The largest game related problem with the religion feature is that in the long run it really doesn’t matter what you do with it. You can let it develop in your culture and then just ignore it. On my third play through I noticed that there wasn’t that much of a difference, although that may be wrong in the light of harder difficulty levels.

Reinstituted from II is the ability of barbarians to conquer cities. In III, they just robbed and could usually be ignored, they can also overrun your area burning everything on the way. This makes them a threat that needs to be dealt with as their technology also increases, something no previous version allowed for.

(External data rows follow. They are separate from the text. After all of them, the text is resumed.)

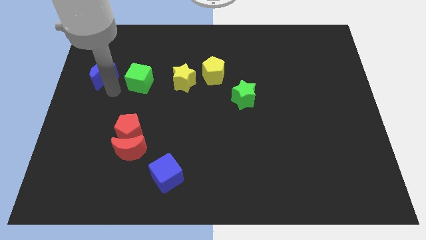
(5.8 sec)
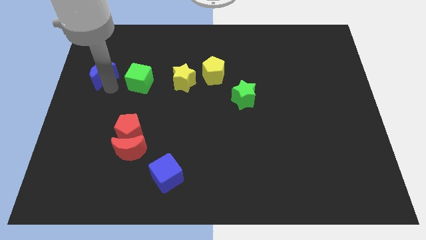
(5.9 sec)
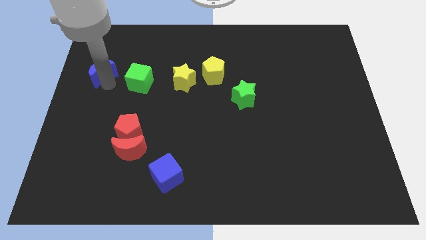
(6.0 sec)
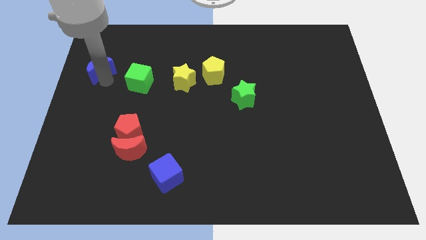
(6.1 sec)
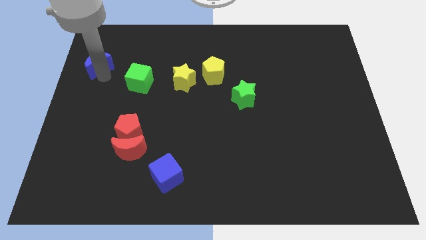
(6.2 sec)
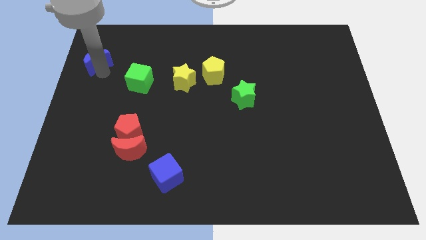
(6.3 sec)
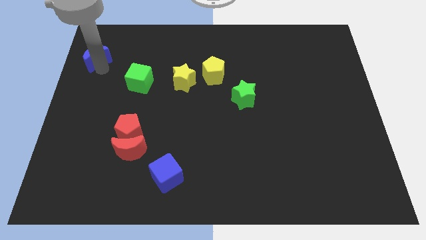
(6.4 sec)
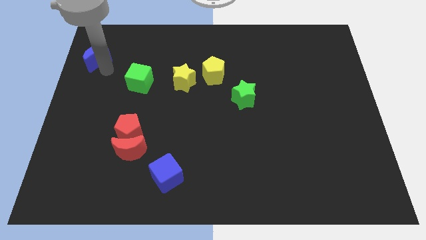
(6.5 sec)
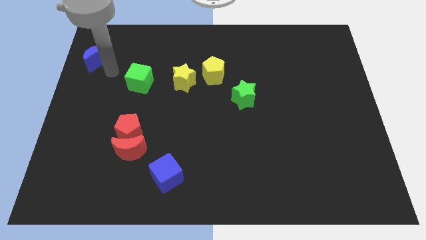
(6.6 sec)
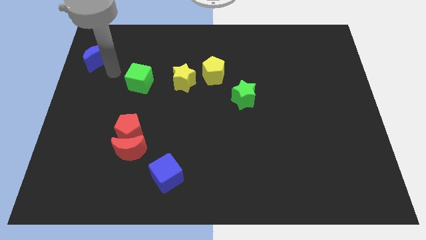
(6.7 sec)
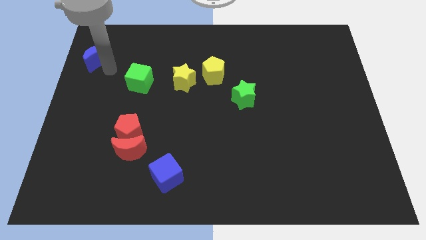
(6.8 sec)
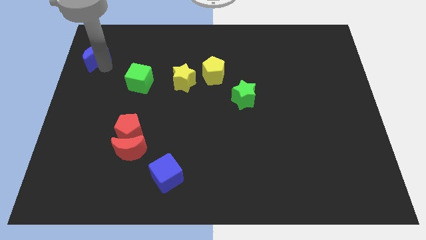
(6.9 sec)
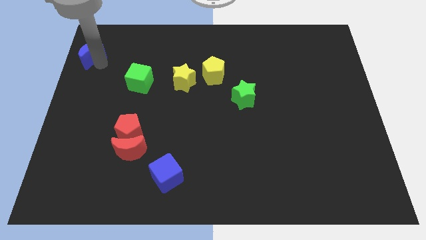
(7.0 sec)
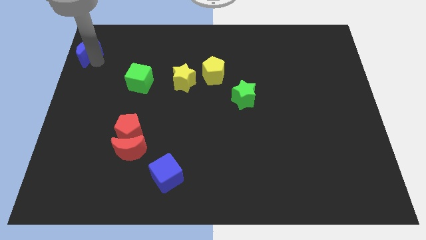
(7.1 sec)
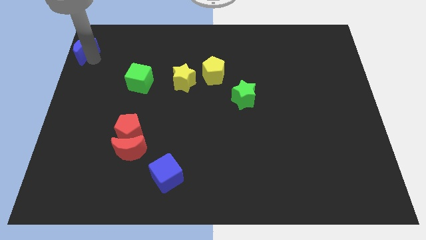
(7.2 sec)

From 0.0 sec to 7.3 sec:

Also changed is the government forms, replaced with a civics feature. No longer can you rest on Democracy until war is declared causing you to switch to Fascism or Communism. You make subtle changes in the way the culture is run, which adjusts much greater than just who gets representation. This makes your experiences much more varied, although it probably makes a huge difference in harder levels.

In all, the addition of an ingame time clock is a nice reminder that perhaps three hours is a bit long, but you can always just save as soon as the next turn is over.

*Post modern meaning in the near future, not in the academic sense.